§ **Task directions**
Write out the data below in full, unchanged, minus the images.

Start of Extracted records

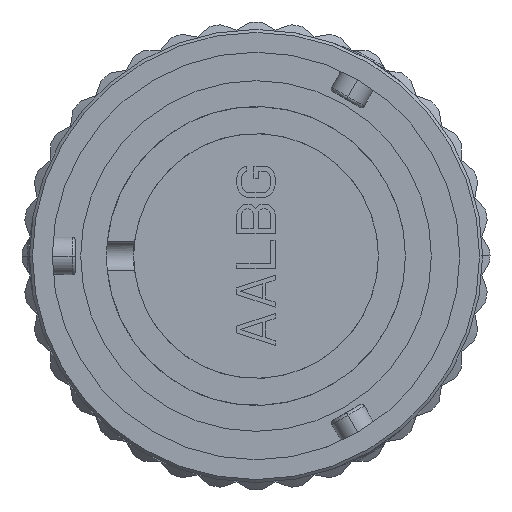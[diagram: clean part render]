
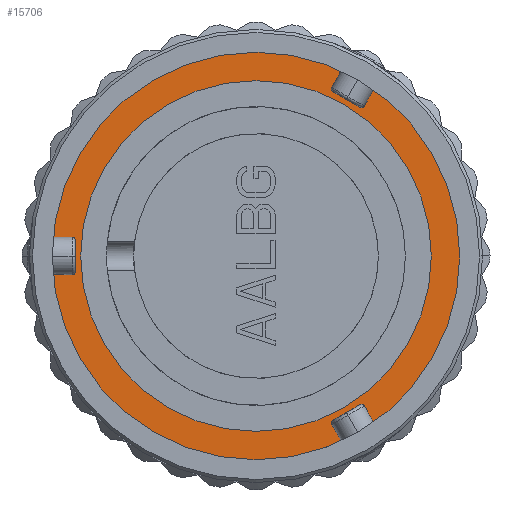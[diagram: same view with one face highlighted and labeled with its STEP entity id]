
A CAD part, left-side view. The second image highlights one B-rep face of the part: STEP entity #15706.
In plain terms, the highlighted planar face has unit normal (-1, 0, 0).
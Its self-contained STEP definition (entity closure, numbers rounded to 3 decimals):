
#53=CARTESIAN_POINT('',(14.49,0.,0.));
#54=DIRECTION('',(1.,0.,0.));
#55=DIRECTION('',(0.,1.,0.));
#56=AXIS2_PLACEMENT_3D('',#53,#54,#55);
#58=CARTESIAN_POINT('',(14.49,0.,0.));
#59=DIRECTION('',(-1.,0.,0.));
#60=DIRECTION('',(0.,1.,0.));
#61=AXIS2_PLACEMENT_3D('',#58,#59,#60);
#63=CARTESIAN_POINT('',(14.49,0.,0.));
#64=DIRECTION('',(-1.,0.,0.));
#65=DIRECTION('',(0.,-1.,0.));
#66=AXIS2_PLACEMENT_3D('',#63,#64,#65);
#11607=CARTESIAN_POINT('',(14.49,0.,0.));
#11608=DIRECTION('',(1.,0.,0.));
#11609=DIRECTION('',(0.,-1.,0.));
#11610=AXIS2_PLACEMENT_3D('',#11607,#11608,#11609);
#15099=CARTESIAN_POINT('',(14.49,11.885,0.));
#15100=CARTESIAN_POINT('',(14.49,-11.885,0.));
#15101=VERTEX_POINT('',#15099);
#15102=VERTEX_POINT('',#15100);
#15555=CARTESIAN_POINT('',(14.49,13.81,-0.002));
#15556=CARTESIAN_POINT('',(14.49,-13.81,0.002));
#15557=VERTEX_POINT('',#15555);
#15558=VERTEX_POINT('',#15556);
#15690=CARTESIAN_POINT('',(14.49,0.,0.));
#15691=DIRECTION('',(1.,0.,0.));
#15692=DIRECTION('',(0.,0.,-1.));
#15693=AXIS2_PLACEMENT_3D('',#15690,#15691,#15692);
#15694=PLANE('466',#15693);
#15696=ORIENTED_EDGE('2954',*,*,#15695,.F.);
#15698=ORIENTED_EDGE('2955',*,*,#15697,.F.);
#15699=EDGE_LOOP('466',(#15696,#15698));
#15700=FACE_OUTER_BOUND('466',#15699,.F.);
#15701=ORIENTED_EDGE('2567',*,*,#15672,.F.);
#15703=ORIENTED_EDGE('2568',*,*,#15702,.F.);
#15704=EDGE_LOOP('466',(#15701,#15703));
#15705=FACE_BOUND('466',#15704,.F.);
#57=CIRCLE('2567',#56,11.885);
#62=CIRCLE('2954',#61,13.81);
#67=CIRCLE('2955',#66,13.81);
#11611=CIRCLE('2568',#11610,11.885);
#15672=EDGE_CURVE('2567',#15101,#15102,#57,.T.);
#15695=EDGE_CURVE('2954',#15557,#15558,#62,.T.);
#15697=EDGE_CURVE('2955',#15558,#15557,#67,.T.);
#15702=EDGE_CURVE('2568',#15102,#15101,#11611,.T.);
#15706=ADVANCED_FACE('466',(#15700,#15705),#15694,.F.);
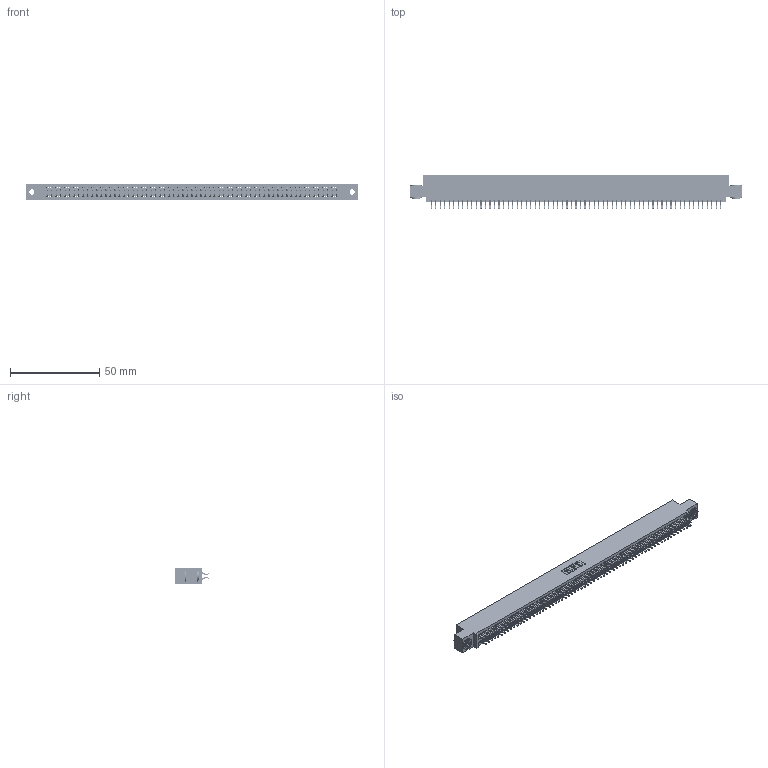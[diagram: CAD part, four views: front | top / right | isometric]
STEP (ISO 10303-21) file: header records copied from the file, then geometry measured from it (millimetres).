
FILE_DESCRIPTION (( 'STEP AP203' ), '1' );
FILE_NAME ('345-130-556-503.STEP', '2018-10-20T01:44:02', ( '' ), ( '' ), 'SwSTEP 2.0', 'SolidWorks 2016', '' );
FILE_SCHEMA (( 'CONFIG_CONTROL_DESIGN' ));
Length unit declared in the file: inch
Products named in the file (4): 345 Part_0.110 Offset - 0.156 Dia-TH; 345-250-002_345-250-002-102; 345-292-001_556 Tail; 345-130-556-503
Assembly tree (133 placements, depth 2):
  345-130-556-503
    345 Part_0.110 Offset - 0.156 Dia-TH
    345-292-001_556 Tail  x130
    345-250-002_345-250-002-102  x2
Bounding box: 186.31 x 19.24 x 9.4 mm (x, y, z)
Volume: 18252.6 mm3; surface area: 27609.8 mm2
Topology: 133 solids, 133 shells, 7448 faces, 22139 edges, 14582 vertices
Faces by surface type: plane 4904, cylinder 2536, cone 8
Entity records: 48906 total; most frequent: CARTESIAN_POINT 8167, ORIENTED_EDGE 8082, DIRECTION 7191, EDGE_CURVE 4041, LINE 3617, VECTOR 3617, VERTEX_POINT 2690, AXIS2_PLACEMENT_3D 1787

End of Extracted records

§ **Written answer**
[diagram: clean part render]
[diagram: same view with one face highlighted and labeled with its STEP entity id]
A CAD part, left-side view. The second image highlights one B-rep face of the part: STEP entity #15706.
In plain terms, the highlighted planar face has unit normal (-1, 0, 0).
Its self-contained STEP definition (entity closure, numbers rounded to 3 decimals):
#53=CARTESIAN_POINT('',(14.49,0.,0.));
#54=DIRECTION('',(1.,0.,0.));
#55=DIRECTION('',(0.,1.,0.));
#56=AXIS2_PLACEMENT_3D('',#53,#54,#55);
#58=CARTESIAN_POINT('',(14.49,0.,0.));
#59=DIRECTION('',(-1.,0.,0.));
#60=DIRECTION('',(0.,1.,0.));
#61=AXIS2_PLACEMENT_3D('',#58,#59,#60);
#63=CARTESIAN_POINT('',(14.49,0.,0.));
#64=DIRECTION('',(-1.,0.,0.));
#65=DIRECTION('',(0.,-1.,0.));
#66=AXIS2_PLACEMENT_3D('',#63,#64,#65);
#11607=CARTESIAN_POINT('',(14.49,0.,0.));
#11608=DIRECTION('',(1.,0.,0.));
#11609=DIRECTION('',(0.,-1.,0.));
#11610=AXIS2_PLACEMENT_3D('',#11607,#11608,#11609);
#15099=CARTESIAN_POINT('',(14.49,11.885,0.));
#15100=CARTESIAN_POINT('',(14.49,-11.885,0.));
#15101=VERTEX_POINT('',#15099);
#15102=VERTEX_POINT('',#15100);
#15555=CARTESIAN_POINT('',(14.49,13.81,-0.002));
#15556=CARTESIAN_POINT('',(14.49,-13.81,0.002));
#15557=VERTEX_POINT('',#15555);
#15558=VERTEX_POINT('',#15556);
#15690=CARTESIAN_POINT('',(14.49,0.,0.));
#15691=DIRECTION('',(1.,0.,0.));
#15692=DIRECTION('',(0.,0.,-1.));
#15693=AXIS2_PLACEMENT_3D('',#15690,#15691,#15692);
#15694=PLANE('466',#15693);
#15696=ORIENTED_EDGE('2954',*,*,#15695,.F.);
#15698=ORIENTED_EDGE('2955',*,*,#15697,.F.);
#15699=EDGE_LOOP('466',(#15696,#15698));
#15700=FACE_OUTER_BOUND('466',#15699,.F.);
#15701=ORIENTED_EDGE('2567',*,*,#15672,.F.);
#15703=ORIENTED_EDGE('2568',*,*,#15702,.F.);
#15704=EDGE_LOOP('466',(#15701,#15703));
#15705=FACE_BOUND('466',#15704,.F.);
#57=CIRCLE('2567',#56,11.885);
#62=CIRCLE('2954',#61,13.81);
#67=CIRCLE('2955',#66,13.81);
#11611=CIRCLE('2568',#11610,11.885);
#15672=EDGE_CURVE('2567',#15101,#15102,#57,.T.);
#15695=EDGE_CURVE('2954',#15557,#15558,#62,.T.);
#15697=EDGE_CURVE('2955',#15558,#15557,#67,.T.);
#15702=EDGE_CURVE('2568',#15102,#15101,#11611,.T.);
#15706=ADVANCED_FACE('466',(#15700,#15705),#15694,.F.);
[diagram: CAD part, four views: front | top / right | isometric]
STEP (ISO 10303-21) file: header records copied from the file, then geometry measured from it (millimetres).
FILE_DESCRIPTION (( 'STEP AP203' ), '1' );
FILE_NAME ('345-130-556-503.STEP', '2018-10-20T01:44:02', ( '' ), ( '' ), 'SwSTEP 2.0', 'SolidWorks 2016', '' );
FILE_SCHEMA (( 'CONFIG_CONTROL_DESIGN' ));
Length unit declared in the file: inch
Products named in the file (4): 345 Part_0.110 Offset - 0.156 Dia-TH; 345-250-002_345-250-002-102; 345-292-001_556 Tail; 345-130-556-503
Assembly tree (133 placements, depth 2):
  345-130-556-503
    345 Part_0.110 Offset - 0.156 Dia-TH
    345-292-001_556 Tail  x130
    345-250-002_345-250-002-102  x2
Bounding box: 186.31 x 19.24 x 9.4 mm (x, y, z)
Volume: 18252.6 mm3; surface area: 27609.8 mm2
Topology: 133 solids, 133 shells, 7448 faces, 22139 edges, 14582 vertices
Faces by surface type: plane 4904, cylinder 2536, cone 8
Entity records: 48906 total; most frequent: CARTESIAN_POINT 8167, ORIENTED_EDGE 8082, DIRECTION 7191, EDGE_CURVE 4041, LINE 3617, VECTOR 3617, VERTEX_POINT 2690, AXIS2_PLACEMENT_3D 1787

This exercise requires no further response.